Work task: Please output the following records exactly. Leave every image out.

START Source data

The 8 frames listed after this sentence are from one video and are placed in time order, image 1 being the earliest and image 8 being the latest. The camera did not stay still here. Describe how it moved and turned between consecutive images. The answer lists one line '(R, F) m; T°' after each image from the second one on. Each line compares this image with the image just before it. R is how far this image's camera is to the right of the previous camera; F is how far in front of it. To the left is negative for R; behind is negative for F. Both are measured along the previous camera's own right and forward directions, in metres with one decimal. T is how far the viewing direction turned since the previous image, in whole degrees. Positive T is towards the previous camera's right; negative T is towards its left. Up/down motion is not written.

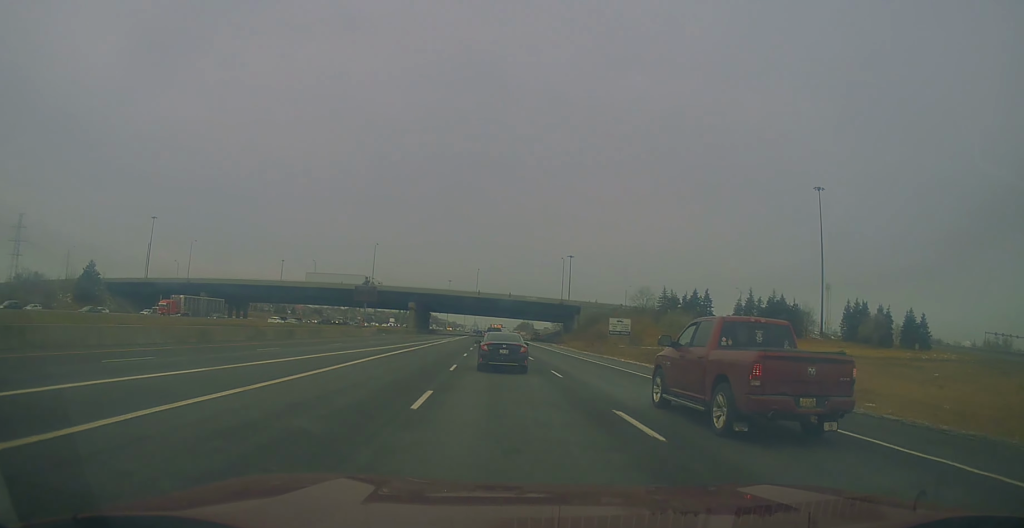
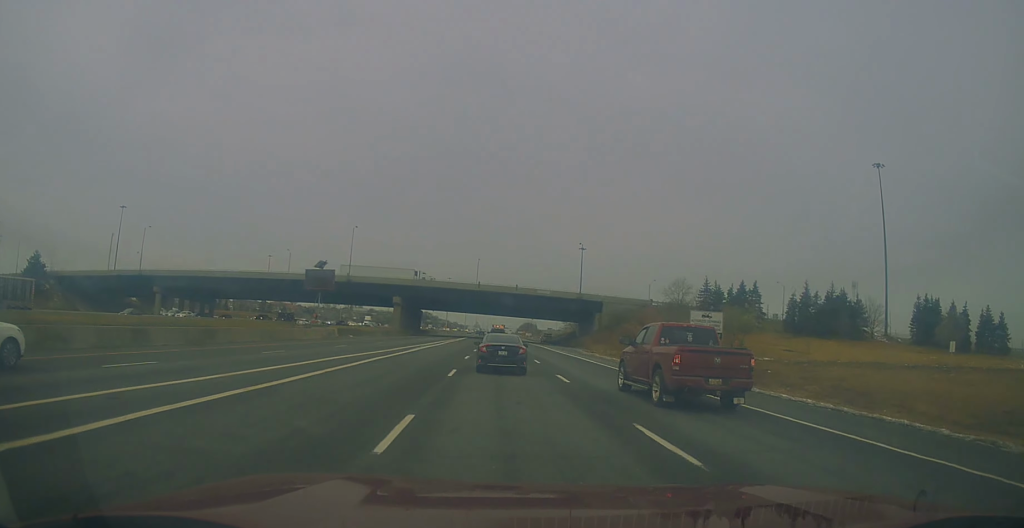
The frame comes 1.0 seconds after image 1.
(-0.1, +24.4) m; -1°
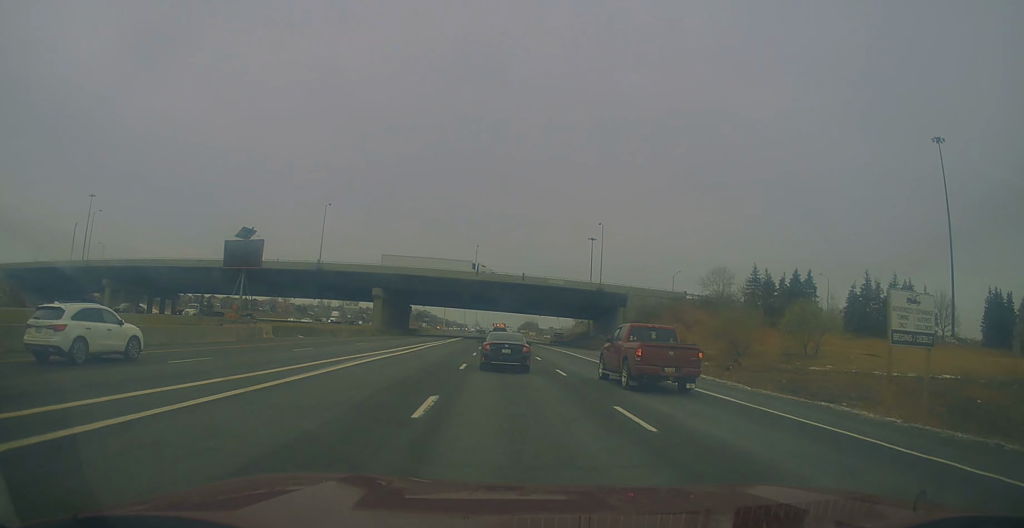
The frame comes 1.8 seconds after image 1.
(-0.2, +20.3) m; 0°
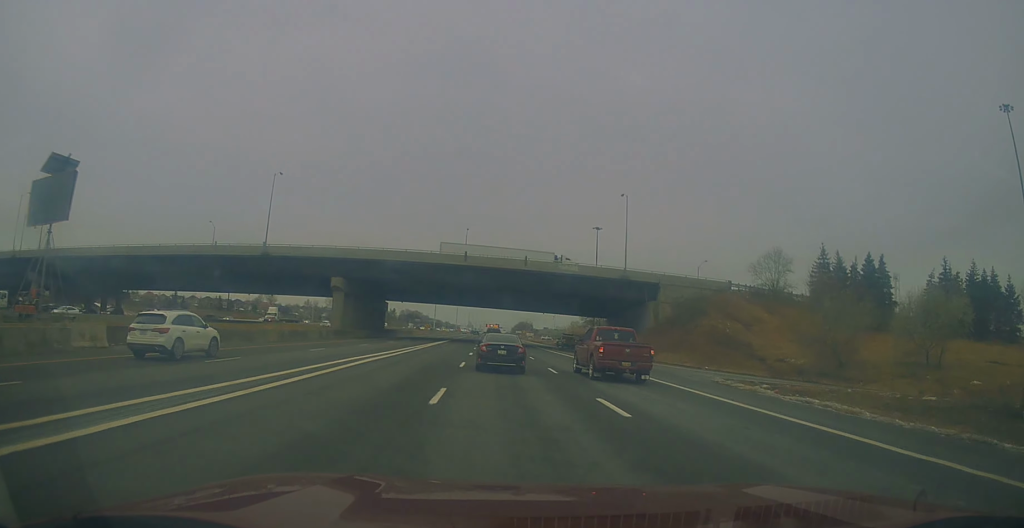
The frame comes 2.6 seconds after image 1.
(+0.1, +21.4) m; 0°
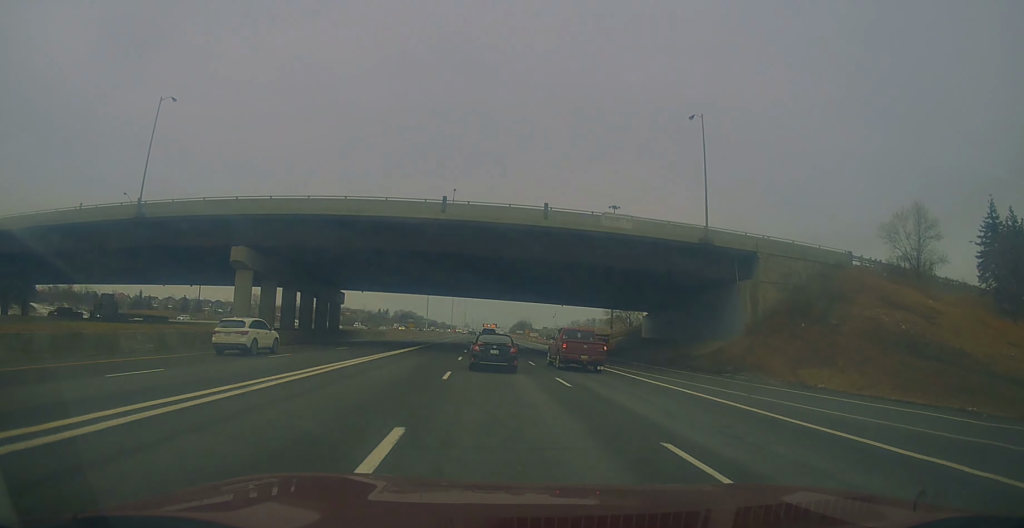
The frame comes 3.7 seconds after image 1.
(0.0, +29.3) m; 0°
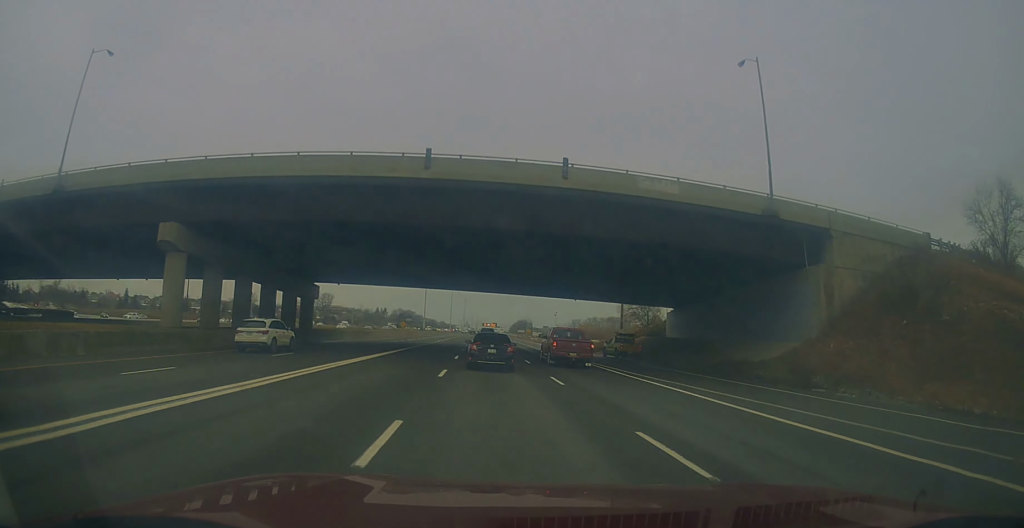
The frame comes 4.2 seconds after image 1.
(-0.2, +11.3) m; 0°
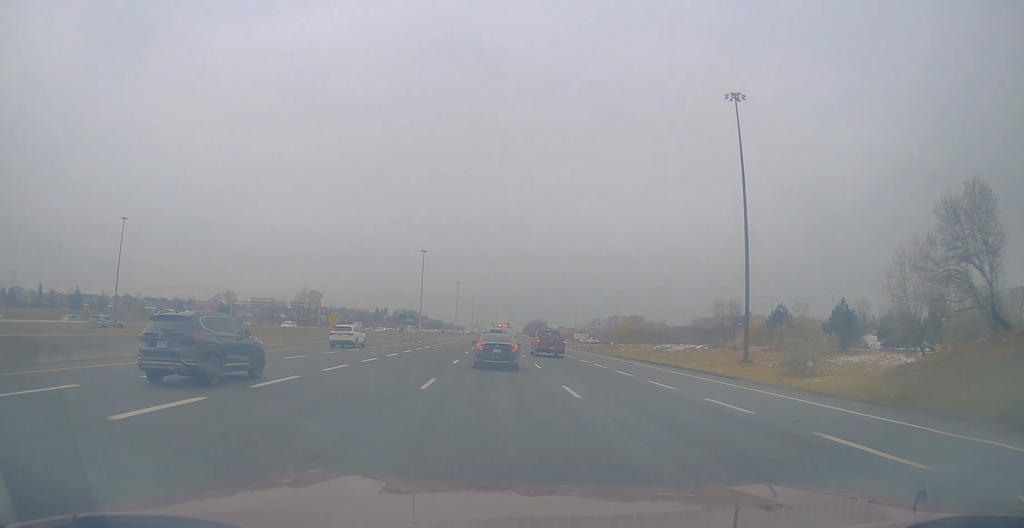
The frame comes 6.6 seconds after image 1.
(+1.3, +62.9) m; +1°
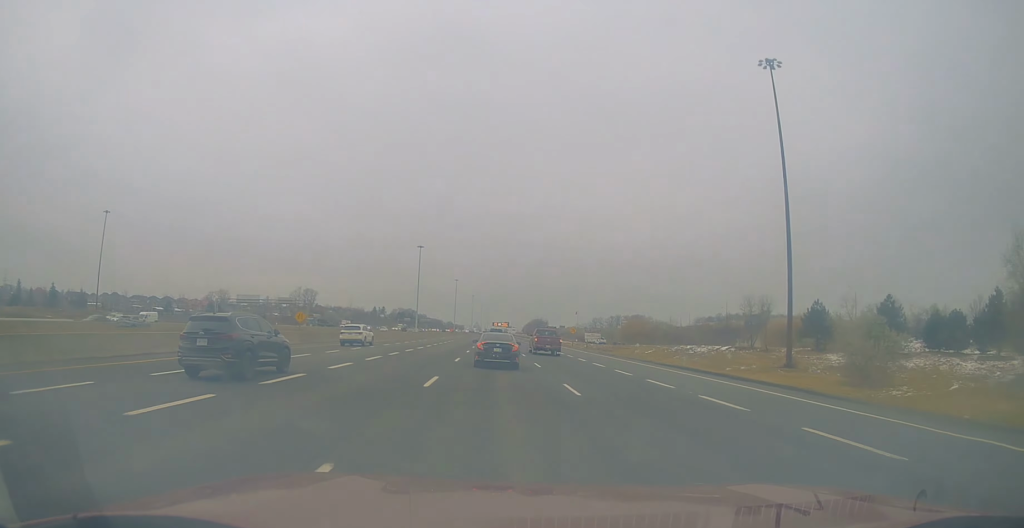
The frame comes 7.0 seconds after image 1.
(+0.1, +11.4) m; -1°

END Source data

Result for this task:
The 8 frames listed after this sentence are from one video and are placed in time order, image 1 being the earliest and image 8 being the latest. The camera did not stay still here. Describe how it moved and turned between consecutive images. The answer lists one line '(R, F) m; T°' after each image from the second one on. Each line compares this image with the image just before it. R is how far this image's camera is to the right of the previous camera; F is how far in front of it. To the left is negative for R; behind is negative for F. Both are measured along the previous camera's own right and forward directions, in metres with one decimal. T is how far the viewing direction turned since the previous image, in whole degrees. Positive T is towards the previous camera's right; negative T is towards its left. Up/down motion is not written.

The frame comes 1.0 seconds after image 1.
(-0.1, +24.4) m; -1°
The frame comes 1.8 seconds after image 1.
(-0.2, +20.3) m; 0°
The frame comes 2.6 seconds after image 1.
(+0.1, +21.4) m; 0°
The frame comes 3.7 seconds after image 1.
(0.0, +29.3) m; 0°
The frame comes 4.2 seconds after image 1.
(-0.2, +11.3) m; 0°
The frame comes 6.6 seconds after image 1.
(+1.3, +62.9) m; +1°
The frame comes 7.0 seconds after image 1.
(+0.1, +11.4) m; -1°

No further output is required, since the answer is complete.